Analysis of BAC pools and Brassica accessions with oligonucleotide pool assays. The sequences represent those that were established for the genes found in the Express genome unless indicated otherwise. Panel (A) shows the results for SNP assay #52 which was specific for BnaA.PKp3.a. In this intragenomic SNP assay oligonucleotide 1 corresponds to an allele which was found for example in the genotypes Express and Tapidor, whereas oligonucleotide 2 matched the allele present in the Ningyou7 genome. The darker colored regions in the graphs correspond to genotype call areas which were defined by GenomeStudio Data Analysis Software v2011.1, in the red and blue areas all plants homozygous for the Express and Ningyou7 alleles were found, respectively. Heterozygous plants showed up in the purple area. The results for SNP assays #51 and #47 are displayed in panels (B) and (C), respectively. Oligonucleotides 1 and 2 of intergenomic assays #51 and #47 discriminated between homoeologous genes BnaA.PKp3.a and BnaC.PKp3.a. In all graphs the data points for the BAC pools were color-coded according to the information which was deduced from the BAC coordinates that had been identified via colony hybridization and locus assignment studies. The dashed lines and boxed values correspond to the thresholds which were implemented for the optimized scoring method.

Figure 3

Scoring of BAC pools for the presence of SNPs with two methods. The coordinates of BAC clones which were shown to contain genes BnaA.PKp3.a and BnaC.PKp3.a according to the results of colony hybridizations and locus assignment studies served as reference for the scoring of the BAC pools with oligonucleotide pool SNP assays.
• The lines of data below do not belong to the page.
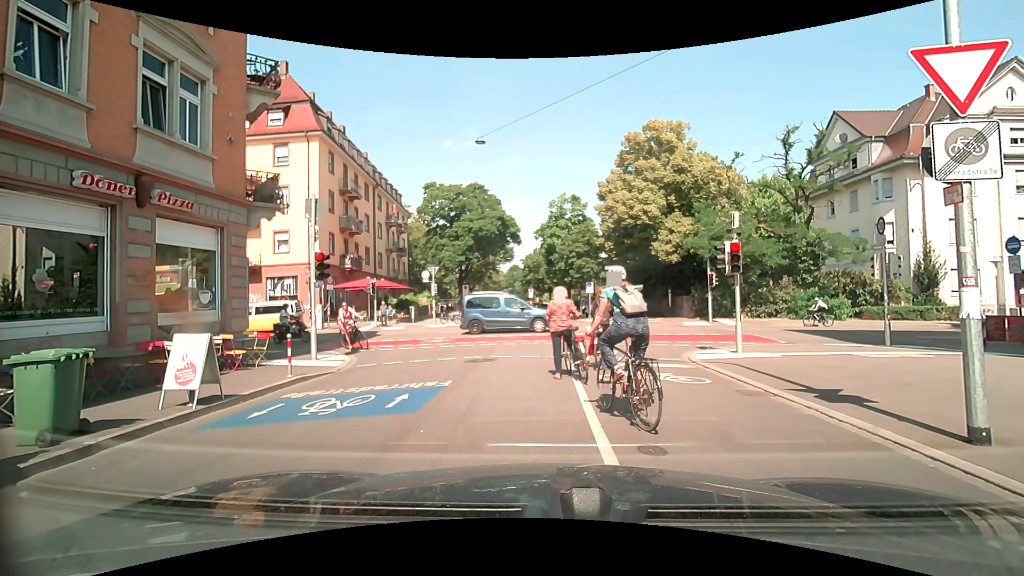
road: residential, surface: asphalt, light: Day
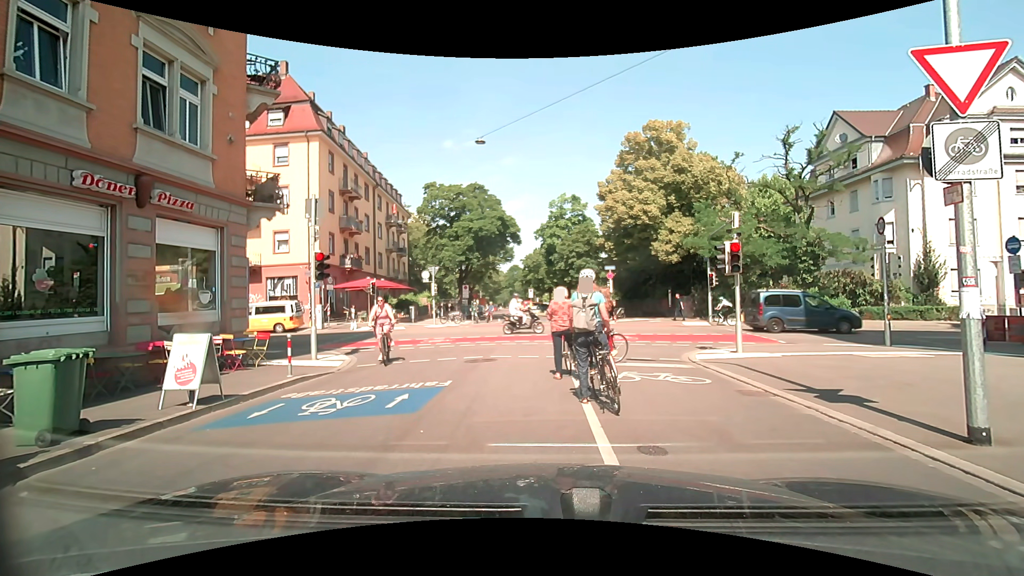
(0.0, 0.0) m; 0°
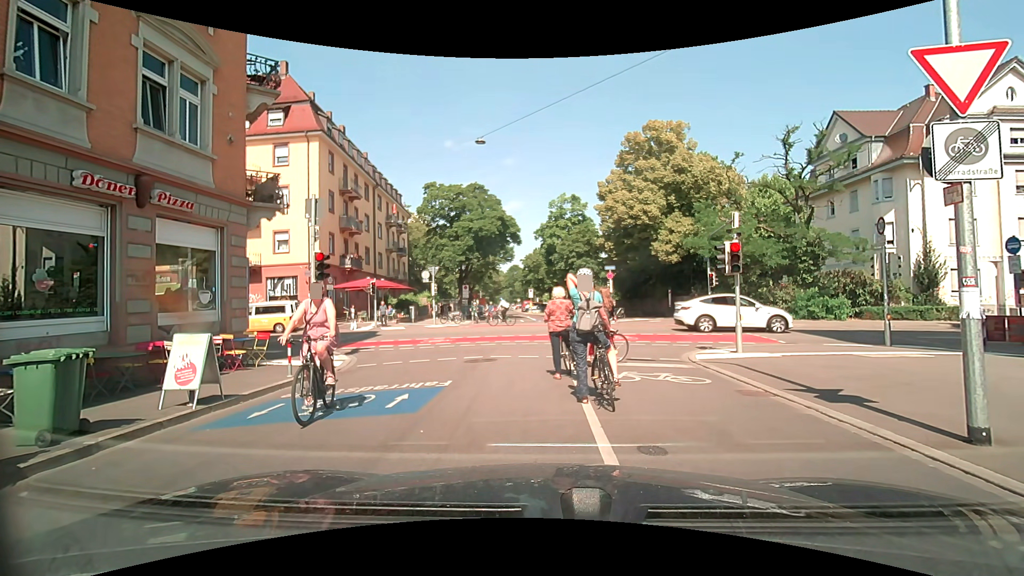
(0.0, 0.0) m; 0°
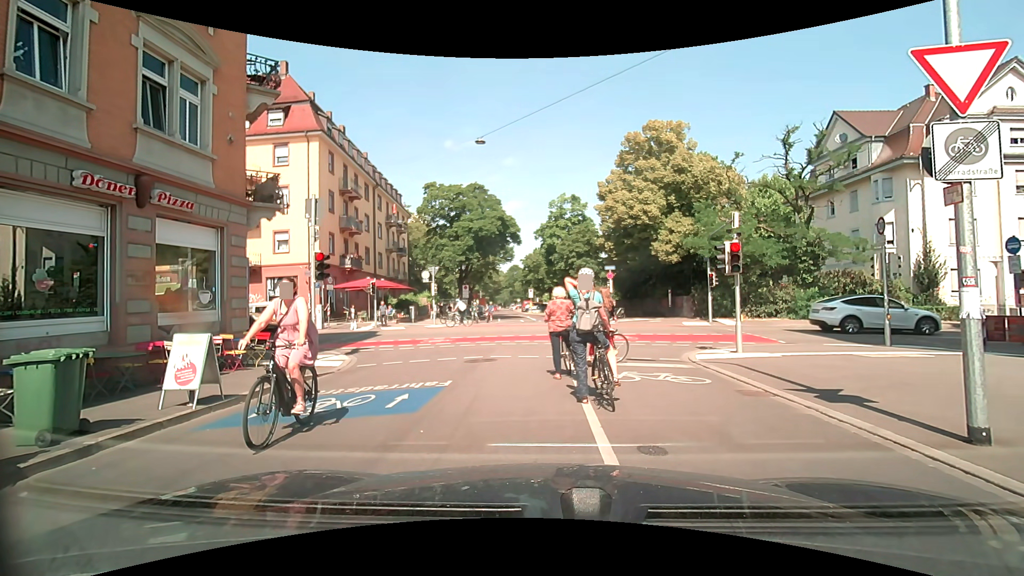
(0.0, 0.0) m; 0°
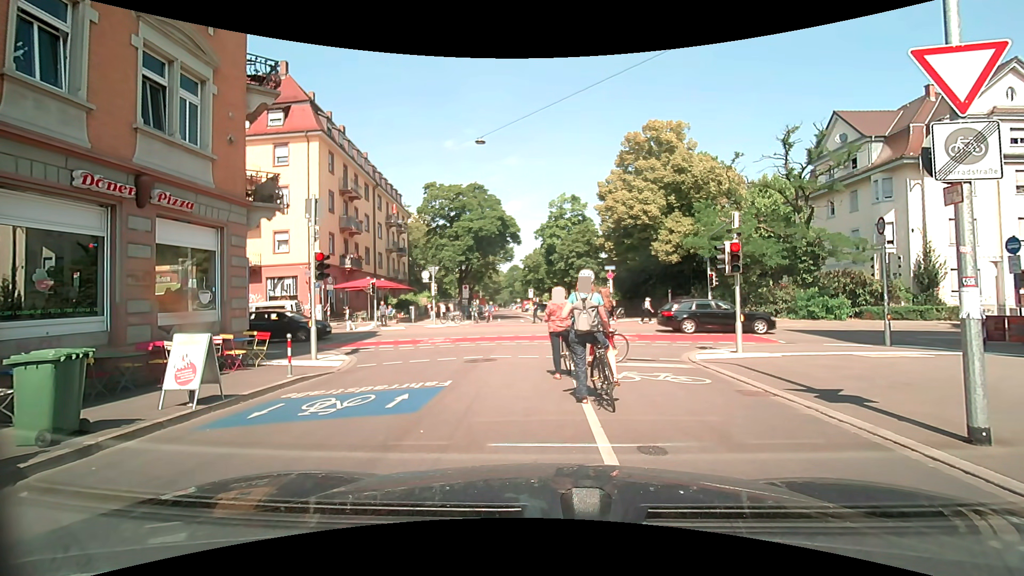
(0.0, 0.0) m; 0°
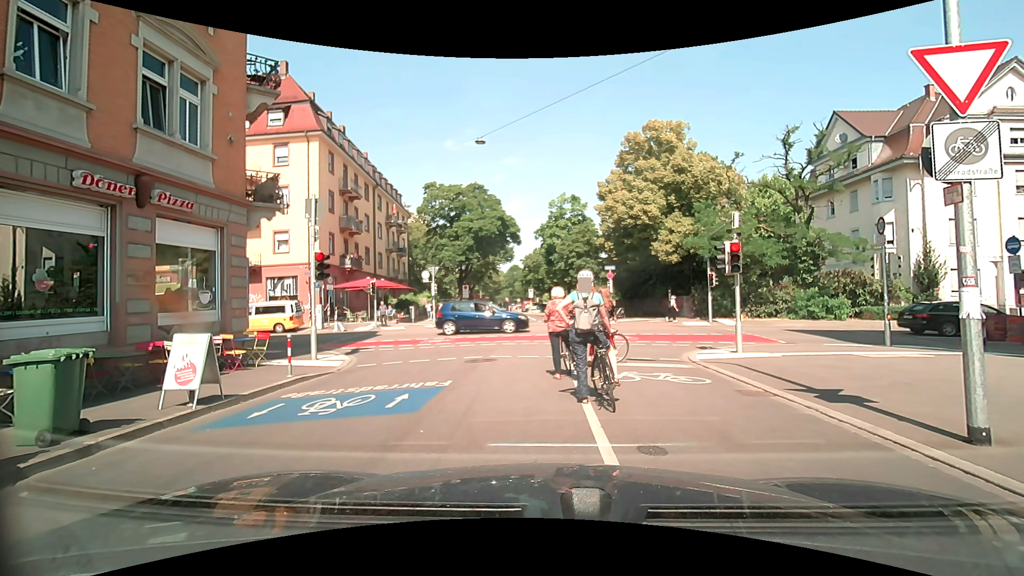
(0.0, 0.0) m; 0°
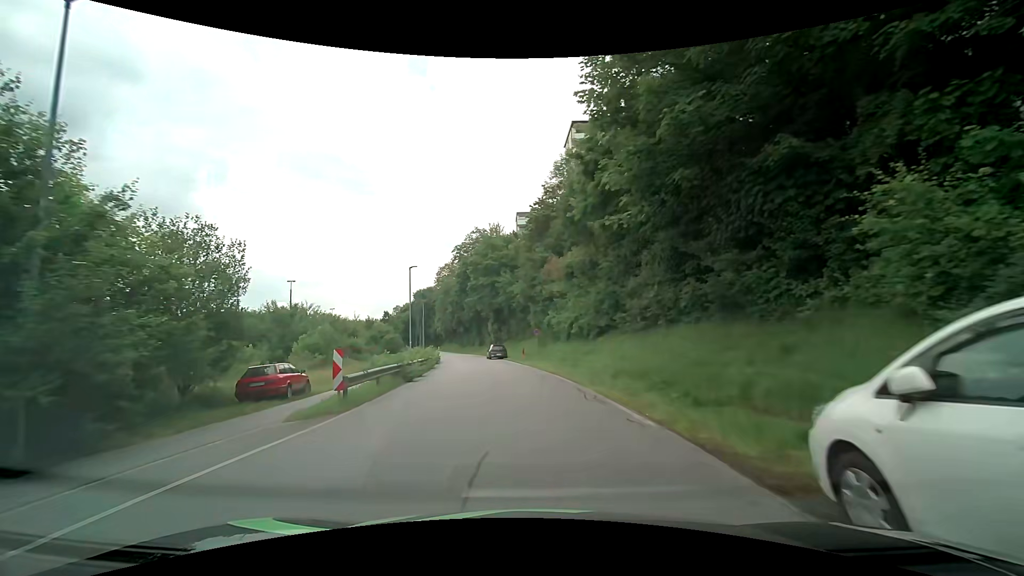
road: residential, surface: asphalt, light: Day
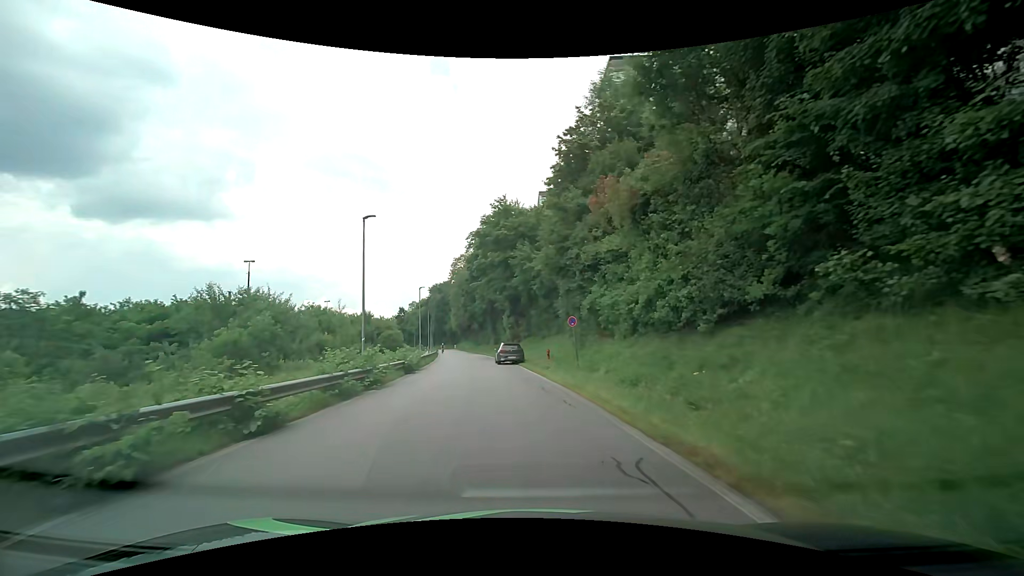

The results of the optimized scoring method (for details please refer to the text) are marked with stars the other data were obtained with the clustering algorithm in GenomeStudio Data Analysis Software v2011.1. Grey shading indicates the number of BAC pools that were identified with a particular SNP assay (#…) and corresponded to known BAC coordinates. Red boxes refer to the number of BAC pools representing known BAC coordinates but that were not detected with the SNP assays. Green shading highlights the number of identified pools that did not coincide with known BAC coordinates. The pools of the different dimensions are abbreviated in the same way as shown in Figure 1.

Figure 4

Defining the thresholds of the genotype call areas. The bars in panel (A) show how the thresholds for the genotype call areas affected the number of BAC pools that were assigned to the category containing both SNPs. In panel (B) the grey bars show the total number of putative BAC clones which resulted if two different sets of thresholds were applied to define the genotype call areas. The green bars correspond to the BAC clones which were confirmed to contain the loci of interest. Results for the 20 intergenomic assays listed in Additional file 2A were taken into account for the analysis represented in the two panels.

Figure 5

Summary of screening results for BAC pools of the Brassica napus BAC library. The black boxes represent the pools of known BAC coordinates which were not scored because their normalized R value was lower than 0.2. The total area covered by the blue, grey, red and brown bars corresponds to the total number of BAC pools for which genotypes were assigned with the different SNP assays (#…) used. BAC pools that belonged to known BAC coordinates are shown as blue, grey and red bars. Blue bars correspond to pools for which the SNP assignment was consistent with that expected for the known coordinates. The grey bars represent pools which were assigned to the class containing both SNPs, whereas a single SNP would be predicted based on the information for the known clones. Pools with a SNP classification that caused the omission of known BAC coordinates from the list of putative clones are shown as red bars. The brown bars represent pools that did not belong to known BAC coordinates.